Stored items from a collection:
>>>

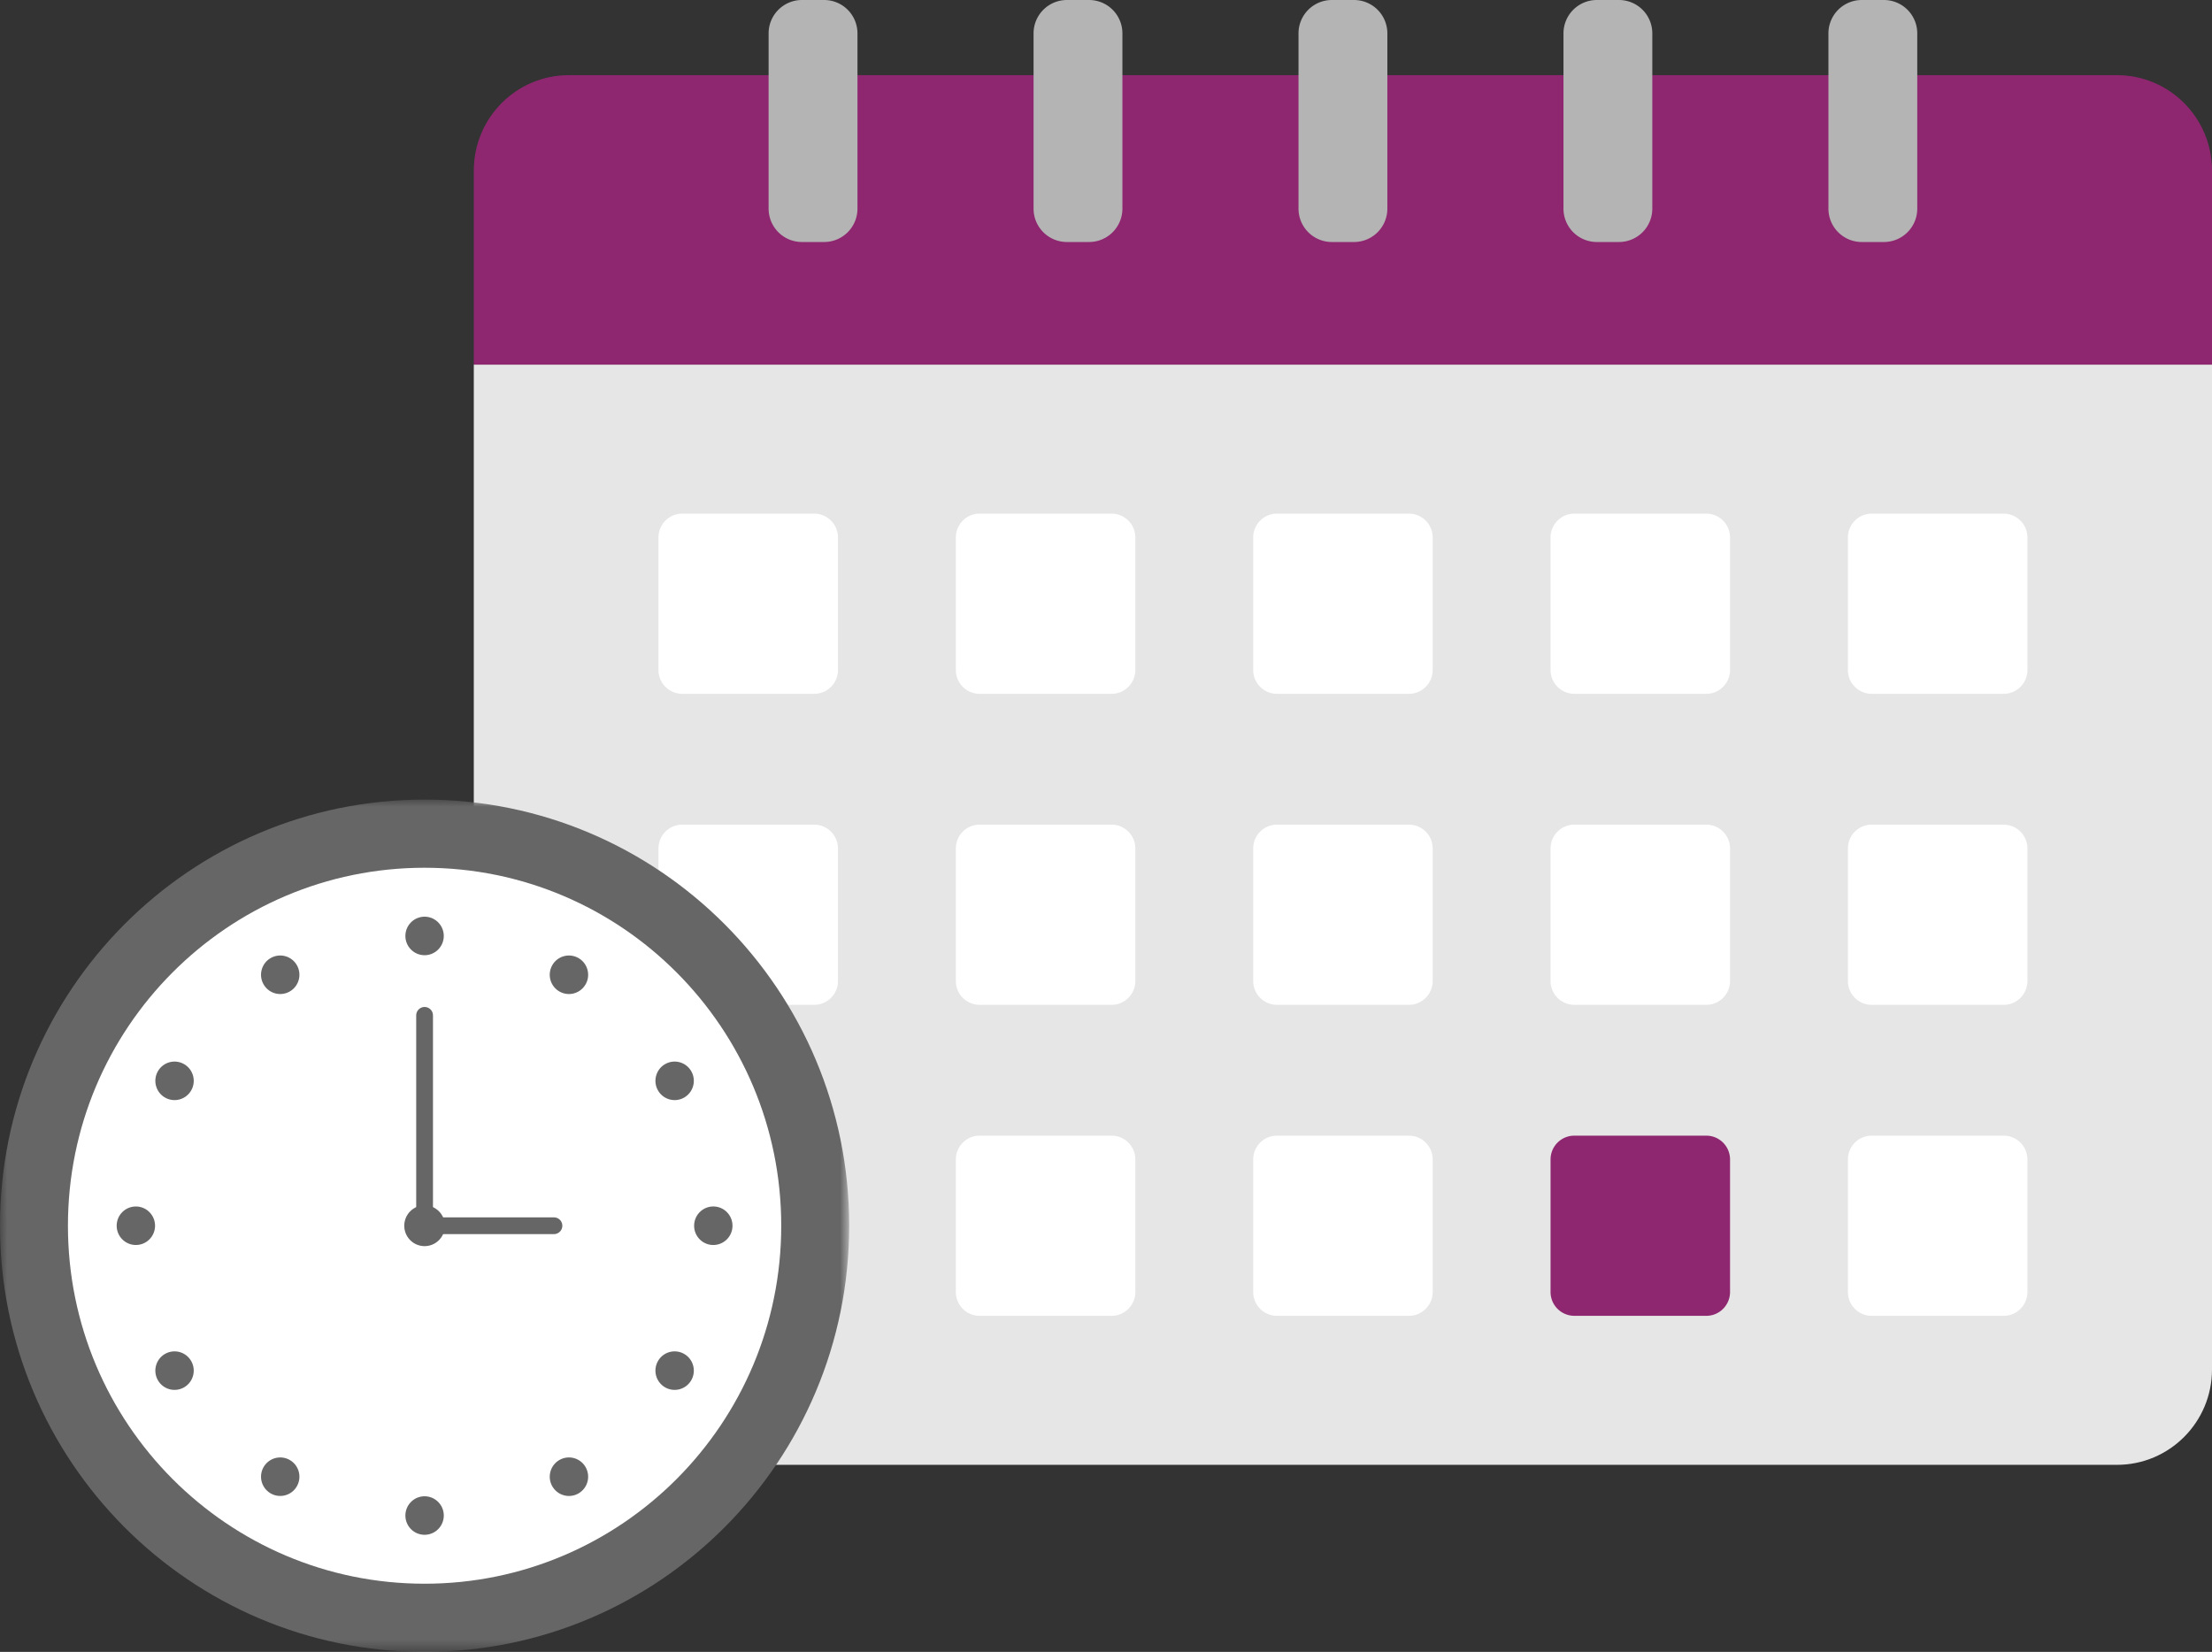 <svg width="154" height="115" viewBox="0 0 154 115" xmlns="http://www.w3.org/2000/svg" xmlns:xlink="http://www.w3.org/1999/xlink">
    <rect x="0" y="0" width="154" height="115" fill="#333333" stroke="none"/>
    <defs>
        <path id="i6bwuqsm7a" d="M0 0h59.12v59.336H0z"/>
    </defs>
    <g fill="none" fill-rule="evenodd">
        <path d="M147.383 101.978H39.604c-3.654 0-6.618-2.973-6.618-6.641V25.384H154v69.953c0 3.668-2.963 6.64-6.617 6.64" fill="#E6E6E6"/>
        <path d="M154 25.385H32.987V11.874c0-3.668 2.962-6.641 6.616-6.641h107.78c3.655 0 6.617 2.973 6.617 6.64v13.512z" fill="#8E2770"/>
        <path d="M57.378 16.848h-1.549a2.322 2.322 0 0 1-2.318-2.326V2.326A2.322 2.322 0 0 1 55.83 0h1.549a2.322 2.322 0 0 1 2.318 2.326v12.196a2.322 2.322 0 0 1-2.318 2.326M75.824 16.848h-1.549a2.322 2.322 0 0 1-2.318-2.326V2.326A2.322 2.322 0 0 1 74.275 0h1.55a2.322 2.322 0 0 1 2.317 2.326v12.196a2.322 2.322 0 0 1-2.318 2.326M94.27 16.848h-1.549a2.322 2.322 0 0 1-2.318-2.326V2.326A2.322 2.322 0 0 1 92.721 0h1.55a2.322 2.322 0 0 1 2.317 2.326v12.196a2.322 2.322 0 0 1-2.318 2.326M112.716 16.848h-1.548a2.322 2.322 0 0 1-2.318-2.326V2.326A2.322 2.322 0 0 1 111.168 0h1.548a2.322 2.322 0 0 1 2.318 2.326v12.196a2.322 2.322 0 0 1-2.318 2.326M131.163 16.848h-1.55a2.322 2.322 0 0 1-2.317-2.326V2.326A2.322 2.322 0 0 1 129.614 0h1.549a2.322 2.322 0 0 1 2.317 2.326v12.196a2.322 2.322 0 0 1-2.317 2.326" fill="#B4B4B4"/>
        <path d="M56.686 48.302h-9.189a1.657 1.657 0 0 1-1.654-1.66v-9.223c0-.917.74-1.66 1.654-1.66h9.189c.914 0 1.654.743 1.654 1.66v9.223c0 .916-.74 1.66-1.654 1.66M77.388 48.302H68.2a1.657 1.657 0 0 1-1.654-1.66v-9.223c0-.917.74-1.66 1.654-1.66h9.19c.913 0 1.653.743 1.653 1.66v9.223c0 .916-.74 1.66-1.654 1.66M98.09 48.302h-9.189a1.657 1.657 0 0 1-1.653-1.66v-9.223c0-.917.74-1.66 1.653-1.66h9.19c.913 0 1.653.743 1.653 1.66v9.223c0 .916-.74 1.66-1.654 1.66M118.793 48.302h-9.19a1.657 1.657 0 0 1-1.653-1.66v-9.223c0-.917.74-1.66 1.654-1.66h9.189c.913 0 1.653.743 1.653 1.66v9.223c0 .916-.74 1.66-1.653 1.66M139.495 48.302h-9.189a1.657 1.657 0 0 1-1.654-1.66v-9.223c0-.917.74-1.66 1.654-1.66h9.189c.914 0 1.654.743 1.654 1.66v9.223c0 .916-.74 1.66-1.654 1.66M56.686 69.953h-9.189a1.657 1.657 0 0 1-1.654-1.66V59.07c0-.917.74-1.66 1.654-1.66h9.189c.914 0 1.654.743 1.654 1.66v9.223c0 .916-.74 1.66-1.654 1.66M77.388 69.953H68.2a1.657 1.657 0 0 1-1.654-1.66V59.07c0-.917.74-1.66 1.654-1.66h9.19c.913 0 1.653.743 1.653 1.66v9.223c0 .916-.74 1.66-1.654 1.66M98.09 69.953h-9.189a1.657 1.657 0 0 1-1.653-1.66V59.07c0-.917.74-1.66 1.653-1.66h9.19c.913 0 1.653.743 1.653 1.66v9.223c0 .916-.74 1.66-1.654 1.66M118.793 69.953h-9.19a1.657 1.657 0 0 1-1.653-1.66V59.07c0-.917.74-1.66 1.654-1.66h9.189c.913 0 1.653.743 1.653 1.66v9.223c0 .916-.74 1.66-1.653 1.66M139.495 69.953h-9.189a1.657 1.657 0 0 1-1.654-1.66V59.07c0-.917.74-1.66 1.654-1.66h9.189c.914 0 1.654.743 1.654 1.66v9.223c0 .916-.74 1.66-1.654 1.66M56.686 91.603h-9.189a1.657 1.657 0 0 1-1.654-1.66v-9.222c0-.917.74-1.66 1.654-1.66h9.189c.914 0 1.654.743 1.654 1.66v9.223c0 .916-.74 1.66-1.654 1.66M77.388 91.603H68.2a1.657 1.657 0 0 1-1.654-1.66v-9.222c0-.917.74-1.66 1.654-1.66h9.19c.913 0 1.653.743 1.653 1.66v9.223c0 .916-.74 1.66-1.654 1.66M98.09 91.603h-9.189a1.657 1.657 0 0 1-1.653-1.66v-9.222c0-.917.74-1.66 1.653-1.66h9.19c.913 0 1.653.743 1.653 1.66v9.223c0 .916-.74 1.66-1.654 1.66" fill="#FFF"/>
        <path d="M118.793 91.603h-9.19a1.657 1.657 0 0 1-1.653-1.66v-9.222c0-.917.74-1.66 1.654-1.66h9.189c.913 0 1.653.743 1.653 1.66v9.223c0 .916-.74 1.66-1.653 1.66" fill="#8E2770"/>
        <path d="M139.495 91.603h-9.189a1.657 1.657 0 0 1-1.654-1.66v-9.222c0-.917.74-1.66 1.654-1.66h9.189c.914 0 1.654.743 1.654 1.66v9.223c0 .916-.74 1.66-1.654 1.66" fill="#FFF"/>
        <g transform="translate(0 55.664)">
            <mask id="f51cyuvk3b" fill="#fff">
                <use xlink:href="#i6bwuqsm7a"/>
            </mask>
            <path d="M59.12 29.668c0 16.386-13.234 29.668-29.56 29.668S0 46.054 0 29.668C0 13.283 13.234 0 29.56 0s29.56 13.283 29.56 29.668" fill="#666" mask="url(#f51cyuvk3b)"/>
        </g>
        <path d="M54.39 85.332c0 13.764-11.117 24.922-24.83 24.922-13.713 0-24.83-11.158-24.83-24.922 0-13.764 11.117-24.922 24.83-24.922 13.713 0 24.83 11.158 24.83 24.922" fill="#FFF"/>
        <path d="M30.895 65.158c0 .74-.597 1.34-1.335 1.34-.737 0-1.336-.6-1.336-1.34 0-.74.599-1.34 1.336-1.34.738 0 1.335.6 1.335 1.34M20.666 67.19c.369.64.15 1.46-.489 1.831a1.332 1.332 0 0 1-1.824-.49c-.37-.642-.15-1.462.489-1.832a1.333 1.333 0 0 1 1.824.491M12.82 74.084c.638.37.858 1.19.489 1.83a1.332 1.332 0 0 1-1.824.492 1.342 1.342 0 0 1-.49-1.831 1.333 1.333 0 0 1 1.825-.491M9.459 83.992c.737 0 1.335.6 1.335 1.34 0 .74-.598 1.34-1.335 1.34-.738 0-1.335-.6-1.335-1.34 0-.74.597-1.34 1.335-1.34M11.484 94.258a1.333 1.333 0 0 1 1.824.491c.37.641.15 1.461-.489 1.831a1.332 1.332 0 0 1-1.824-.49c-.369-.641-.15-1.461.49-1.832M18.353 102.133a1.333 1.333 0 0 1 1.824-.49c.64.37.858 1.19.489 1.83a1.332 1.332 0 0 1-1.824.491 1.343 1.343 0 0 1-.49-1.83M28.224 105.507c0-.74.598-1.34 1.335-1.34.738 0 1.337.6 1.337 1.34 0 .74-.599 1.34-1.337 1.34-.737 0-1.335-.6-1.335-1.34M38.454 103.474c-.37-.64-.15-1.46.489-1.831a1.332 1.332 0 0 1 1.824.49c.369.642.15 1.462-.489 1.832-.638.37-1.455.15-1.824-.491M46.3 96.58a1.343 1.343 0 0 1-.489-1.83 1.332 1.332 0 0 1 1.824-.492c.64.37.858 1.19.49 1.831a1.333 1.333 0 0 1-1.825.491M49.66 86.673c-.737 0-1.334-.6-1.334-1.34 0-.74.597-1.342 1.335-1.342s1.335.601 1.335 1.341-.597 1.34-1.335 1.34M47.636 76.406c-.639.37-1.456.15-1.825-.491-.368-.64-.15-1.46.49-1.831a1.332 1.332 0 0 1 1.824.49c.369.642.15 1.462-.49 1.832M40.767 68.53a1.333 1.333 0 0 1-1.824.492 1.342 1.342 0 0 1-.49-1.831 1.332 1.332 0 0 1 1.825-.491c.639.37.858 1.19.49 1.83M30.974 85.332c0 .784-.633 1.42-1.415 1.42-.78 0-1.413-.636-1.413-1.42 0-.784.633-1.42 1.413-1.42.782 0 1.415.636 1.415 1.42" fill="#666"/>
        <path stroke="#666" stroke-width="1.167" stroke-linecap="round" stroke-linejoin="round" d="M29.56 70.686v14.646h9.006"/>
    </g>
</svg>

<<<

• TASK GOAL:
Find the lines above that contain the word "stroke" and copy each one.

• EXERCISE RESULT:
    <rect x="0" y="0" width="154" height="115" fill="#333333" stroke="none"/>
        <path stroke="#666" stroke-width="1.167" stroke-linecap="round" stroke-linejoin="round" d="M29.56 70.686v14.646h9.006"/>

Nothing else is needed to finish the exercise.